WHAT NEEDS TO BE DONE: Each line of the data below that carries the word "ECLI" needs to be copied.
+++++
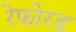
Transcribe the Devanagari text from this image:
रेफोरड
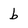
Character: b
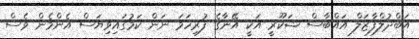
އަބްދުލްފާޒަލް އައްބާސް ޝަކޫރީ އަކީ އޭނާގެ ފުރިހަމަ ނަން ކަމުގައިވިޔަސް އެންމެން ވެސް
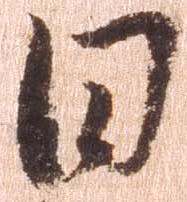
日
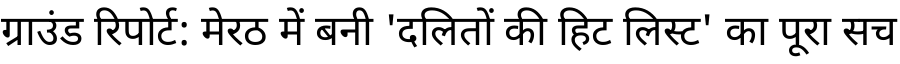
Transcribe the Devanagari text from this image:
ग्राउंड रिपोर्ट: मेरठ में बनी 'दलितों की हिट लिस्ट' का पूरा सच
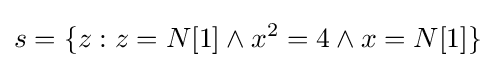
s=\{z:z=N[1]\land x^{2}=4\land x=N[1]\}
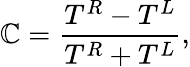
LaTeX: \mathbb{C}=\frac{{T^{R}-T^{L}}}{{T^{R}+T^{L}}},
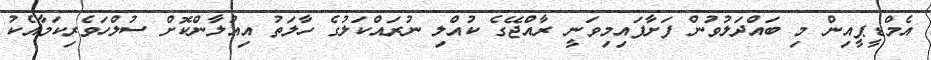
އެމްޑީޕީއިން މި ބައްދަލުވުން ފަށާފައިމިވަނީ ރާއްޖޭގެ ކުއްލި ނުރައްކަލުގެ ހާލަތު އިއުލާންކޮށް ސުލްހަވެރިކަމާއެކު
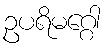
ဥပရိမဂ္ဂေါ
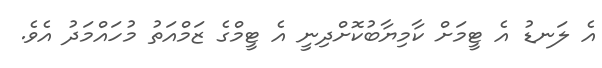
އެ ލަނޑު އެ ޓީމަށް ކާމިޔާބުކޮށްދިނީ އެ ޓީމްގެ ޒަމްއަތު މުހައްމަދު އެވެ.
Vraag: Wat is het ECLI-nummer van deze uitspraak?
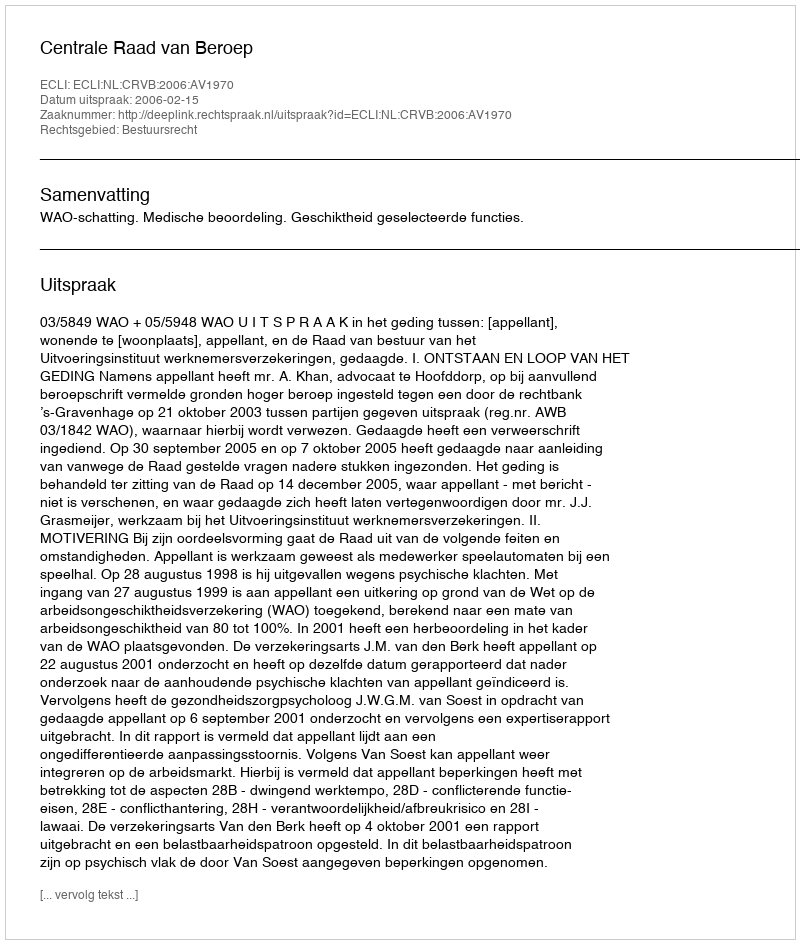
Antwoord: ECLI:NL:CRVB:2006:AV1970
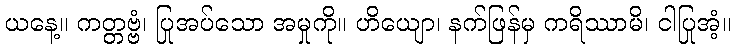
ယနေ့။ ကတ္တဗ္ဗံ၊ ပြုအပ်သော အမှုကို။ ဟိယျော၊ နက်ဖြန်မှ ကရိဿာမိ၊ ငါပြုအံ့။
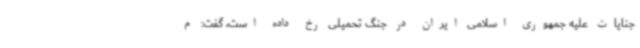
جنایات علیه جمهوری اسلامی ایران در جنگ تحمیلی رخ داده است، گفت: م
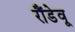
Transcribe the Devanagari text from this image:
रौंडेवू
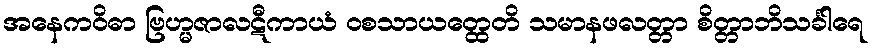
အနေကဝိဓာ ဗြဟ္မဇာလဋီကာယံ ဝစသာယတ္ထေတိ သမာနဖလတ္တာ စိတ္တာဘိသင်္ခါရေ
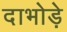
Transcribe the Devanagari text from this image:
दाभोड़े
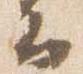
云
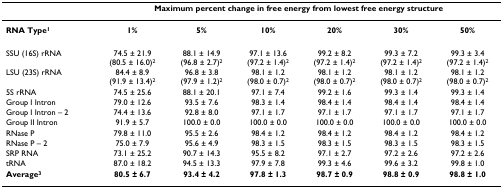
<table><thead><tr><td></td><td colspan="6"><b>Maximum percent change in free energy from lowest free energy structure</b></td></tr></thead><tbody><tr><td><b>RNA Type<sup>1</sup></b></td><td><b>1%</b></td><td><b>5%</b></td><td><b>10%</b></td><td><b>20%</b></td><td><b>30%</b></td><td><b>50%</b></td></tr><tr><td>SSU (16S) rRNA</td><td>74.5 ± 21.9 (80.5 ± 16.0)<sup>2</sup></td><td>88.1 ± 14.9 (96.8 ± 2.7)<sup>2</sup></td><td>97.1 ± 13.6 (97.2 ± 1.4)<sup>2</sup></td><td>99.2 ± 8.2 (97.2 ± 1.4)<sup>2</sup></td><td>99.3 ± 7.2 (97.2 ± 1.4)<sup>2</sup></td><td>99.3 ± 3.4 (97.2 ± 1.4)<sup>2</sup></td></tr><tr><td>LSU (23S) rRNA</td><td>84.4 ± 8.9 (91.9 ± 13.4)<sup>2</sup></td><td>96.8 ± 3.8 (97.9 ± 1.2)<sup>2</sup></td><td>98.1 ± 1.2 (98.0 ± 0.7)<sup>2</sup></td><td>98.1 ± 1.2 (98.0 ± 0.7)<sup>2</sup></td><td>98.1 ± 1.2 (98.0 ± 0.7)<sup>2</sup></td><td>98.1 ± 1.2 (98.0 ± 0.7)<sup>2</sup></td></tr><tr><td>5S rRNA</td><td>74.5 ± 25.6</td><td>88.1 ± 20.1</td><td>97.1 ± 7.4</td><td>99.2 ± 1.6</td><td>99.3 ± 1.4</td><td>99.3 ± 1.4</td></tr><tr><td>Group I Intron</td><td>79.0 ± 12.6</td><td>93.5 ± 7.6</td><td>98.3 ± 1.4</td><td>98.4 ± 1.4</td><td>98.4 ± 1.4</td><td>98.4 ± 1.4</td></tr><tr><td>Group I Intron – 2</td><td>74.4 ± 13.6</td><td>92.8 ± 8.0</td><td>97.1 ± 1.7</td><td>97.1 ± 1.7</td><td>97.1 ± 1.7</td><td>97.1 ± 1.7</td></tr><tr><td>Group II Intron</td><td>91.9 ± 5.7</td><td>100.0 ± 0.0</td><td>100.0 ± 0.0</td><td>100.0 ± 0.0</td><td>100.0 ± 0.0</td><td>100.0 ± 0.0</td></tr><tr><td>RNase P</td><td>79.8 ± 11.0</td><td>95.5 ± 2.6</td><td>98.4 ± 1.2</td><td>98.4 ± 1.2</td><td>98.4 ± 1.2</td><td>98.4 ± 1.2</td></tr><tr><td>RNase P – 2</td><td>75.0 ± 7.9</td><td>95.6 ± 4.9</td><td>98.3 ± 1.5</td><td>98.3 ± 1.5</td><td>98.3 ± 1.5</td><td>98.3 ± 1.5</td></tr><tr><td>SRP RNA</td><td>73.1 ± 25.2</td><td>90.7 ± 14.3</td><td>95.5 ± 8.2</td><td>97.1 ± 2.7</td><td>97.2 ± 2.6</td><td>97.2 ± 2.6</td></tr><tr><td>tRNA</td><td>87.0 ± 18.2</td><td>94.5 ± 13.3</td><td>97.9 ± 7.8</td><td>99.3 ± 4.6</td><td>99.6 ± 3.2</td><td>99.8 ± 1.0</td></tr><tr><td><b>Average<sup>3</sup></b></td><td><b>80.5 ± 6.7</b></td><td><b>93.4 ± 4.2</b></td><td><b>97.8 ± 1.3</b></td><td><b>98.7 ± 0.9</b></td><td><b>98.8 ± 0.9</b></td><td><b>98.8 ± 1.0</b></td></tr></tbody></table>
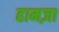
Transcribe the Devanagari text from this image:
हामज़ा
+++++
WORKED SOLUTION:
Vraag: Wat is het ECLI-nummer van deze uitspraak?
Antwoord: ECLI:NL:CRVB:2006:AV1970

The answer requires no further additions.